School of Computer Science,
Tel Aviv University and Google.

Learning and inference with expectations

Video

Probabilistic models can be characterized using expectations of functions of random variables. This can in turn be used to devise methods for learning representations, performing probabilistic inference, and discriminative learning. The talk will survey such methods, highlighting both theoretical results and their practical implications.

Biographical details

Prof.
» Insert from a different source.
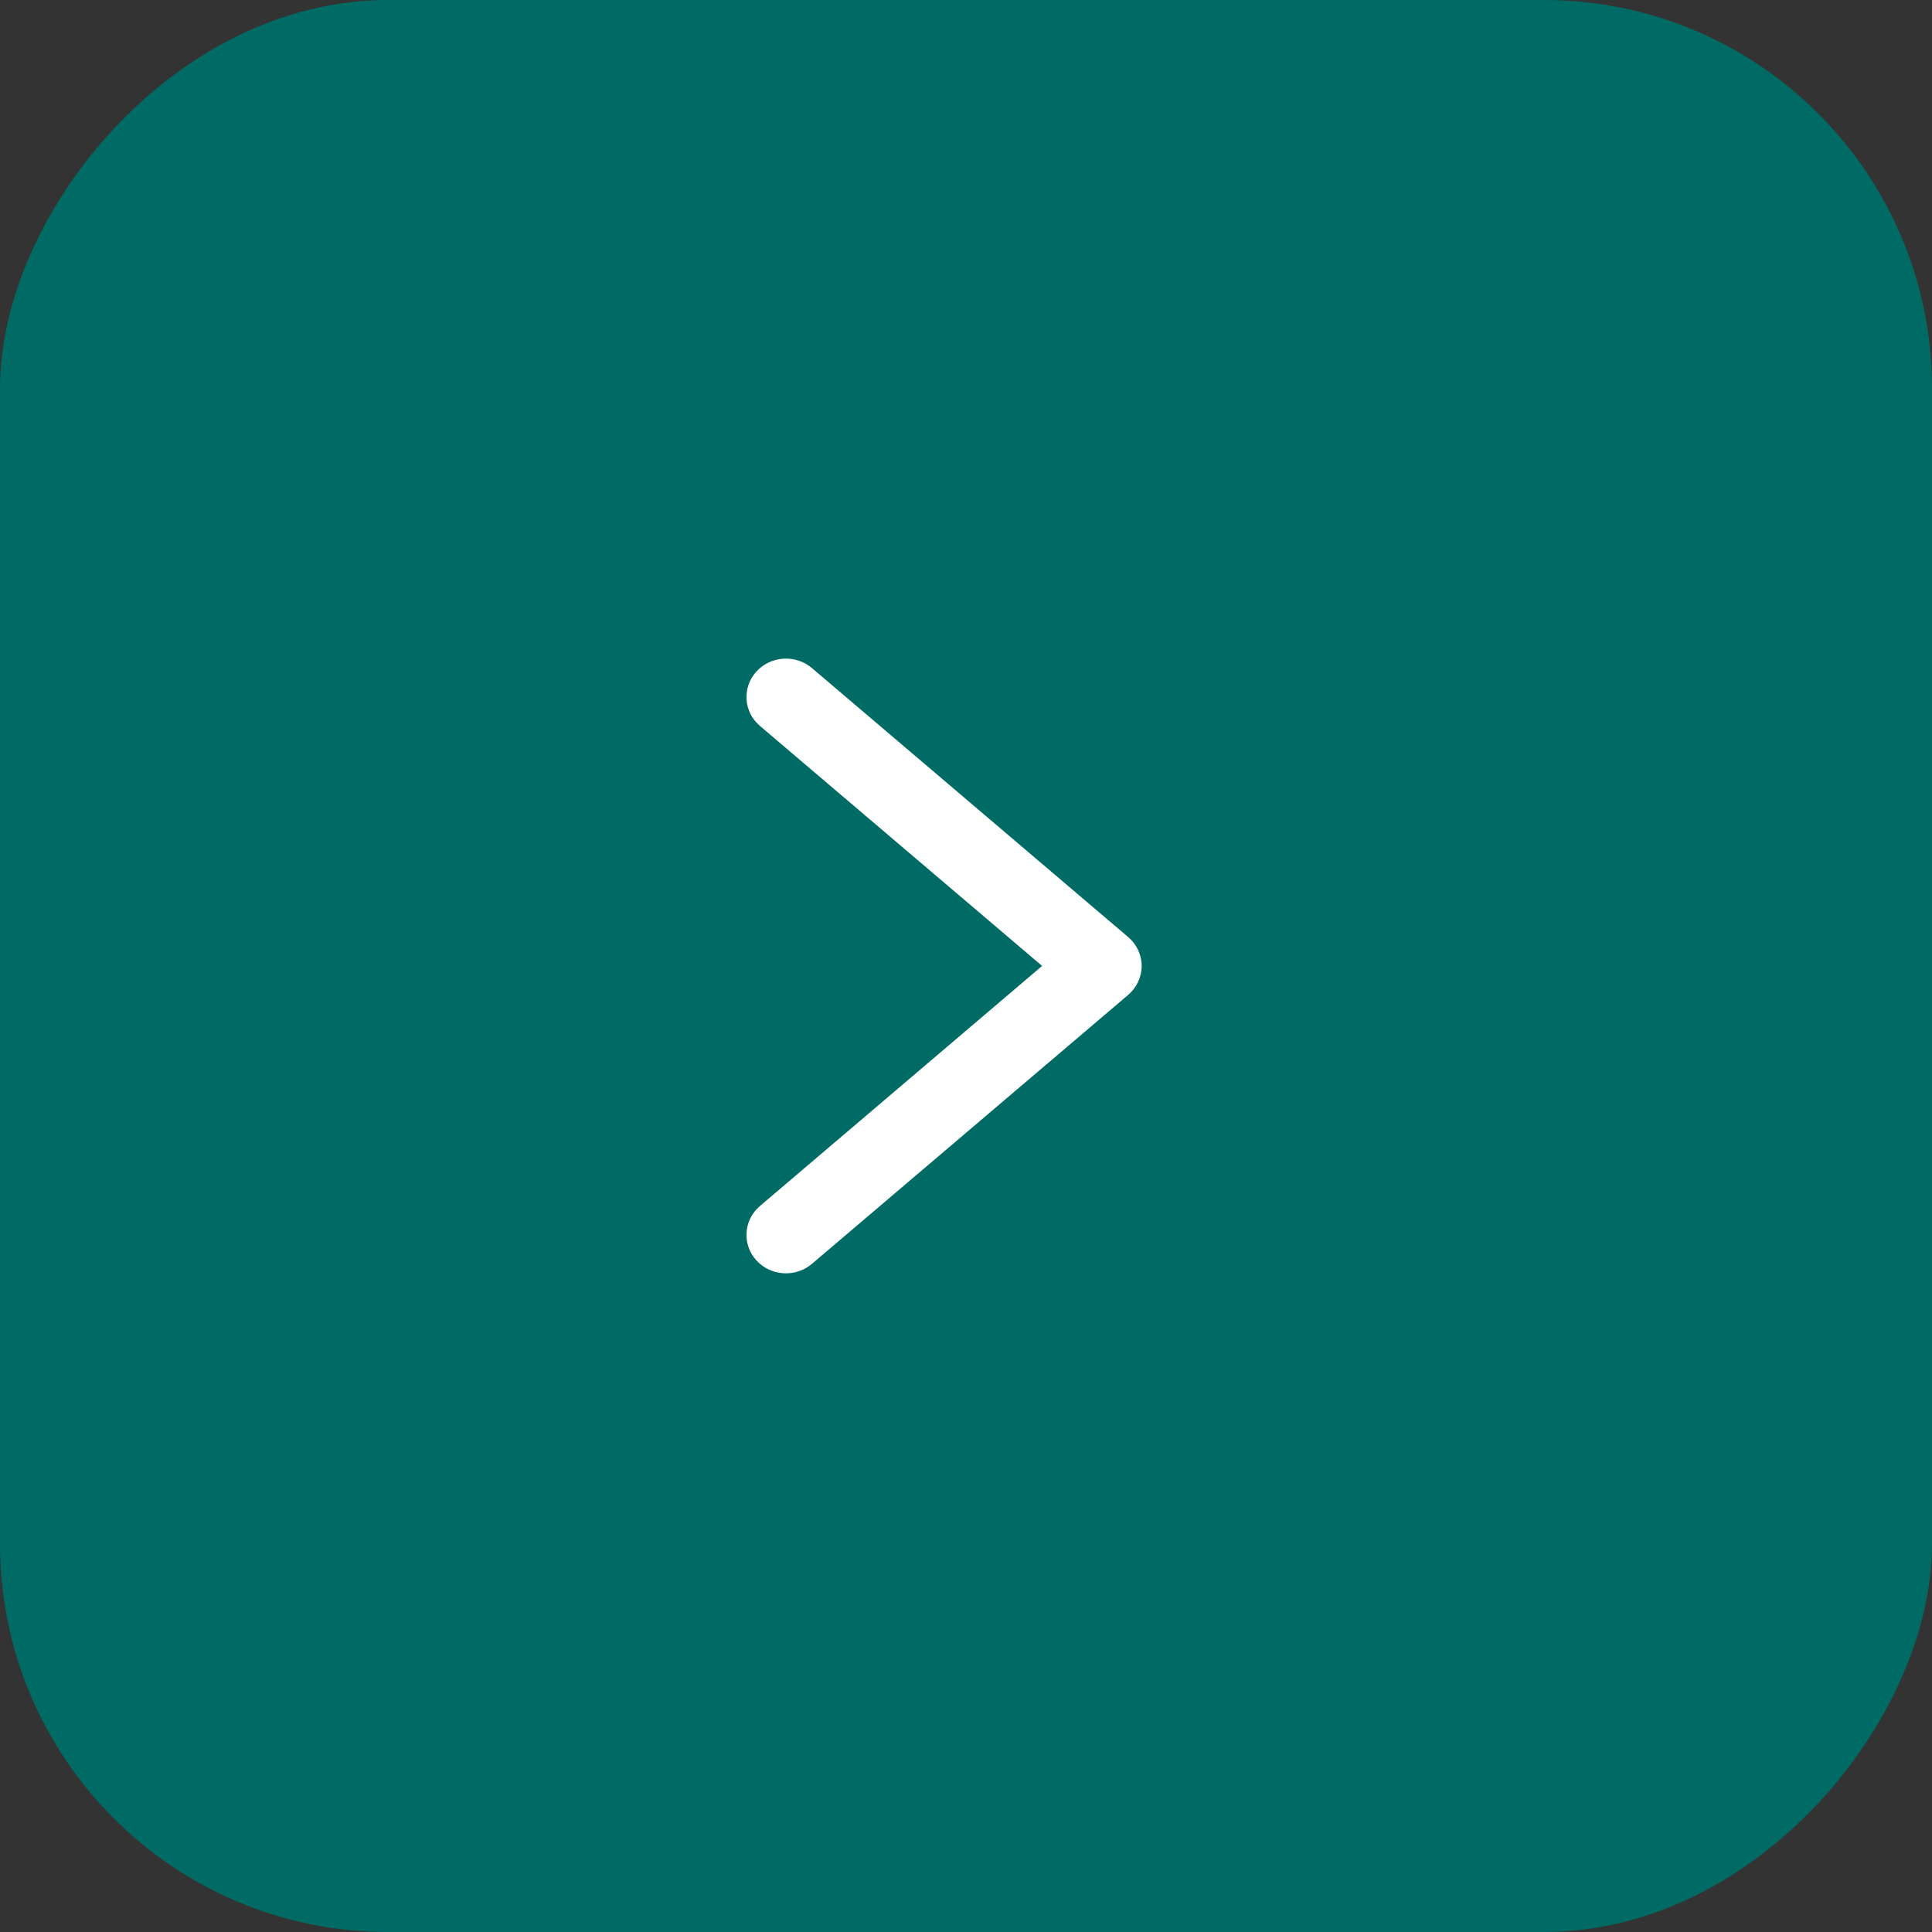 <?xml version="1.0" encoding="UTF-8"?> <svg xmlns="http://www.w3.org/2000/svg" width="28" height="28" viewBox="0 0 28 28" fill="none"><rect x="0" y="0" width="28" height="28" fill="#333333" stroke="none"/><rect width="28" height="28" rx="5.625" transform="matrix(-1 0 0 1 28 0)" fill="#006B65"></rect><path d="M11.768 9.683C11.53 9.48 11.168 9.504 10.96 9.735C10.752 9.967 10.776 10.319 11.014 10.521L15.103 13.999L11.014 17.478C10.776 17.68 10.752 18.032 10.96 18.264C11.168 18.495 11.53 18.519 11.768 18.316L16.35 14.419C16.474 14.313 16.546 14.16 16.546 13.999C16.546 13.839 16.474 13.686 16.35 13.58L11.768 9.683Z" fill="white"></path></svg>

Globerson received his BSc in computer science and physics in 1997 from the Hebrew University, and his PhD in computational neuroscience from the Hebrew University in 2006. After his PhD, he was a postdoctoral fellow at the University of Toronto and a Rothschild postdoctoral fellow at MIT. He joined the Hebrew University school of computer science in 2008, and moved to the Tel Aviv University School of Computer Science in 2015. Prof. Globerson’s research interests include machine learning, probabilistic inference, convex optimization, neural computation and natural language processing. He is an associate editor for the Journal of Machine Learning Research, and the Associate Editor in Chief for the IEEE Transactions on Pattern Analysis and Machine Intelligence. His work has received several prizes including five paper awards (two at NIPS, two at UAI, and one at ICML), as well as one runner up for best paper at ICML. His research has been supported by several grants and awards from ISF, BSF, GIF, Intel, HP, and Google. In 2015 he was a visiting scientist at Google Mountain View and since 2017 he is also a Research Scientist at Google in Tel Aviv.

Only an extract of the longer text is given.